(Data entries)

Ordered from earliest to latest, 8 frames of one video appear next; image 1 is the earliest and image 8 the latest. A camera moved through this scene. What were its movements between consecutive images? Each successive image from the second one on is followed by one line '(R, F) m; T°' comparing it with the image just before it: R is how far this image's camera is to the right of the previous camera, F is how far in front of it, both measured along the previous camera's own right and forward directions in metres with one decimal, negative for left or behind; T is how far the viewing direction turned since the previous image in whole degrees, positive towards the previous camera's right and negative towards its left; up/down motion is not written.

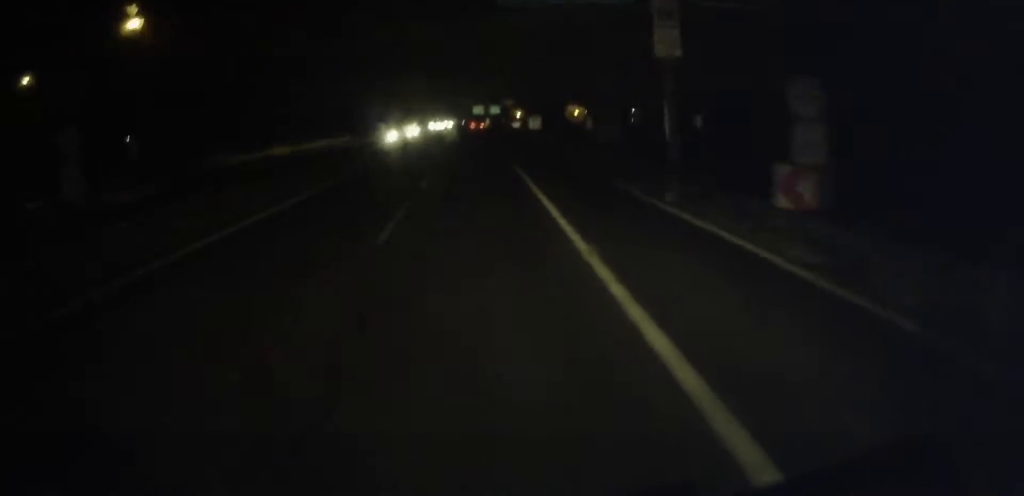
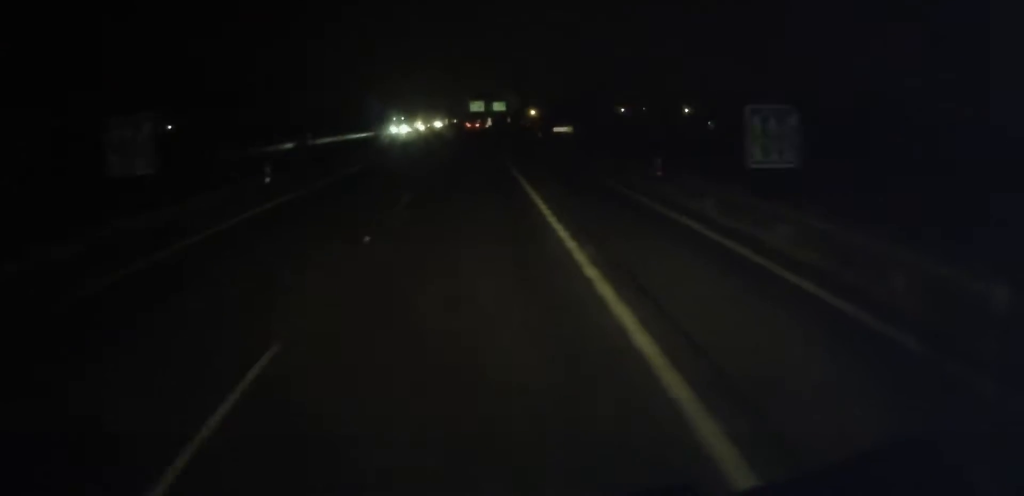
(-0.1, +66.3) m; 0°
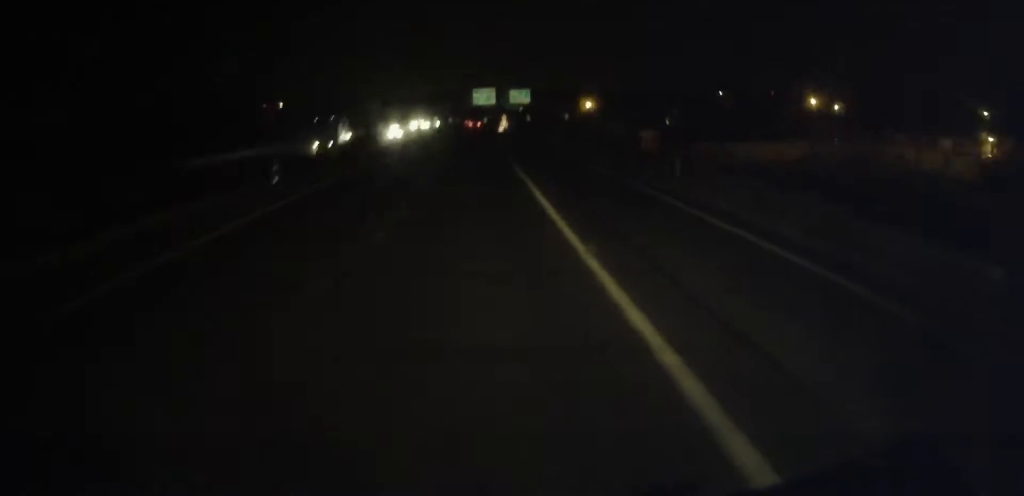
(-0.2, +80.6) m; 0°
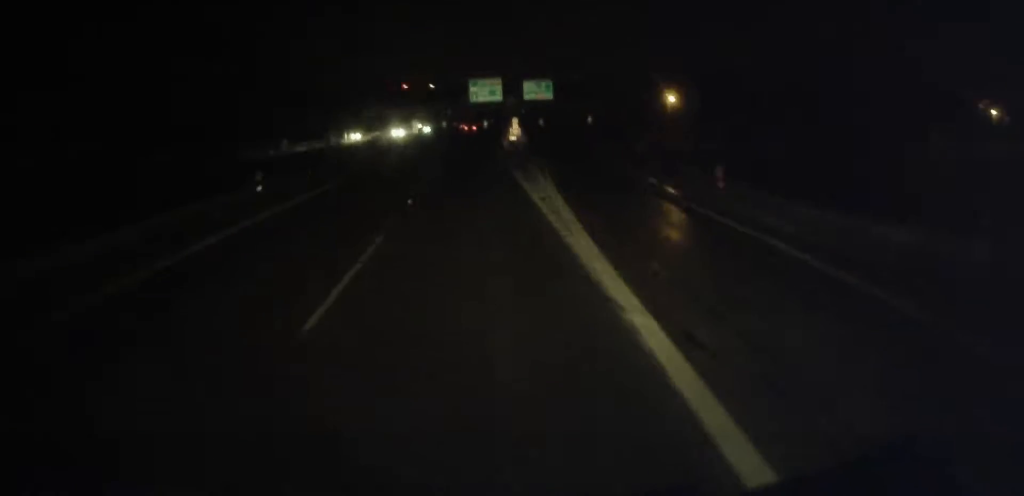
(+0.1, +42.7) m; 0°
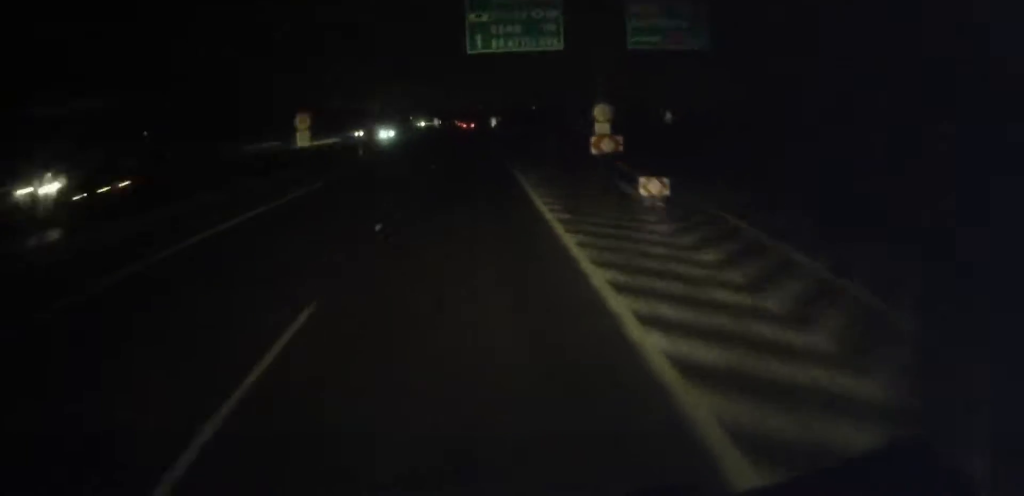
(-0.2, +63.0) m; 0°
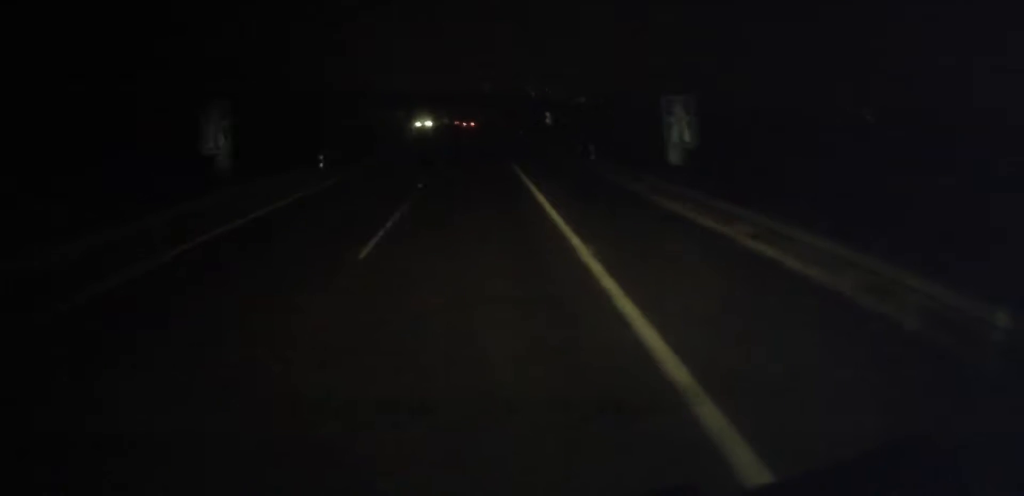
(-0.6, +140.2) m; -1°
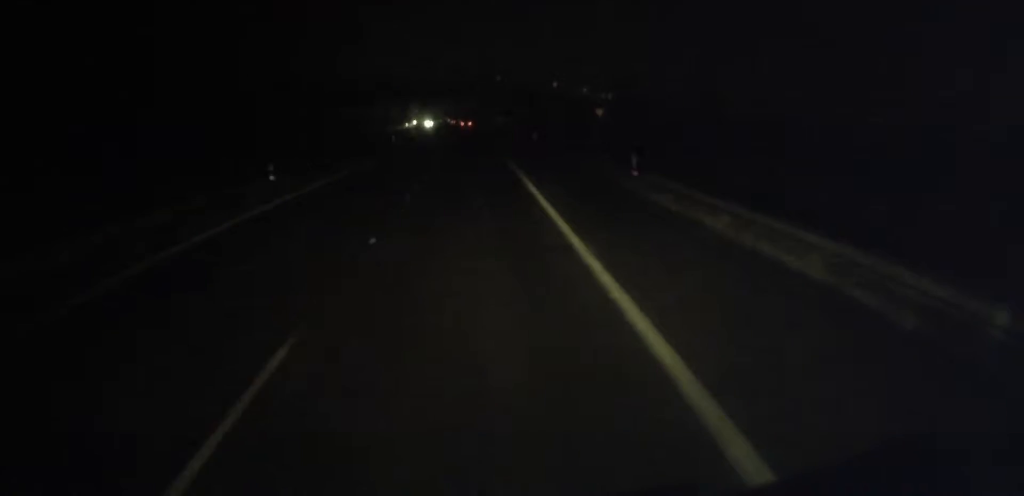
(-0.3, +46.5) m; -1°
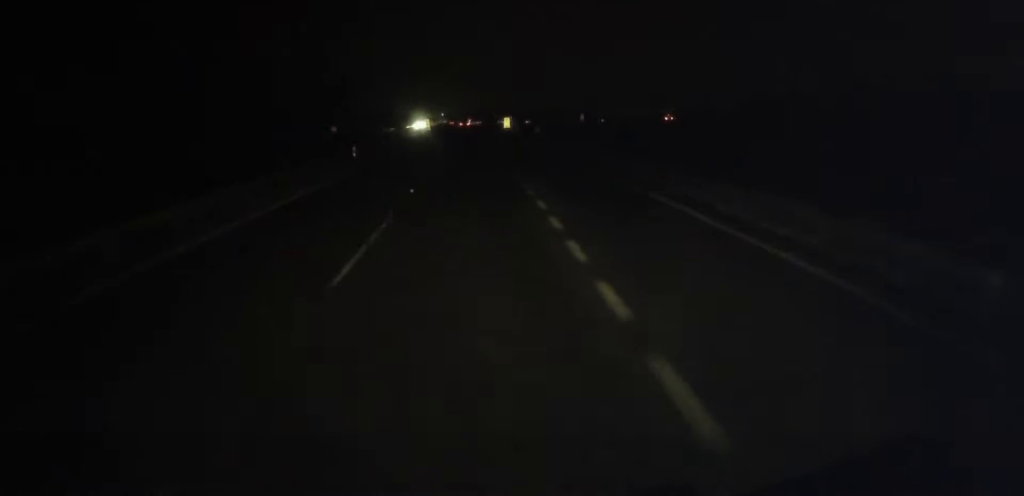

Task directions:
This exercise calls for a verbatim output of the entries, pictures omitted.

Answer below:
Ordered from earliest to latest, 8 frames of one video appear next; image 1 is the earliest and image 8 the latest. A camera moved through this scene. What were its movements between consecutive images? Each successive image from the second one on is followed by one line '(R, F) m; T°' comparing it with the image just before it: R is how far this image's camera is to the right of the previous camera, F is how far in front of it, both measured along the previous camera's own right and forward directions in metres with one decimal, negative for left or behind; T is how far the viewing direction turned since the previous image in whole degrees, positive towards the previous camera's right and negative towards its left; up/down motion is not written.

(-0.1, +66.3) m; 0°
(-0.2, +80.6) m; 0°
(+0.1, +42.7) m; 0°
(-0.2, +63.0) m; 0°
(-0.6, +140.2) m; -1°
(-0.3, +46.5) m; -1°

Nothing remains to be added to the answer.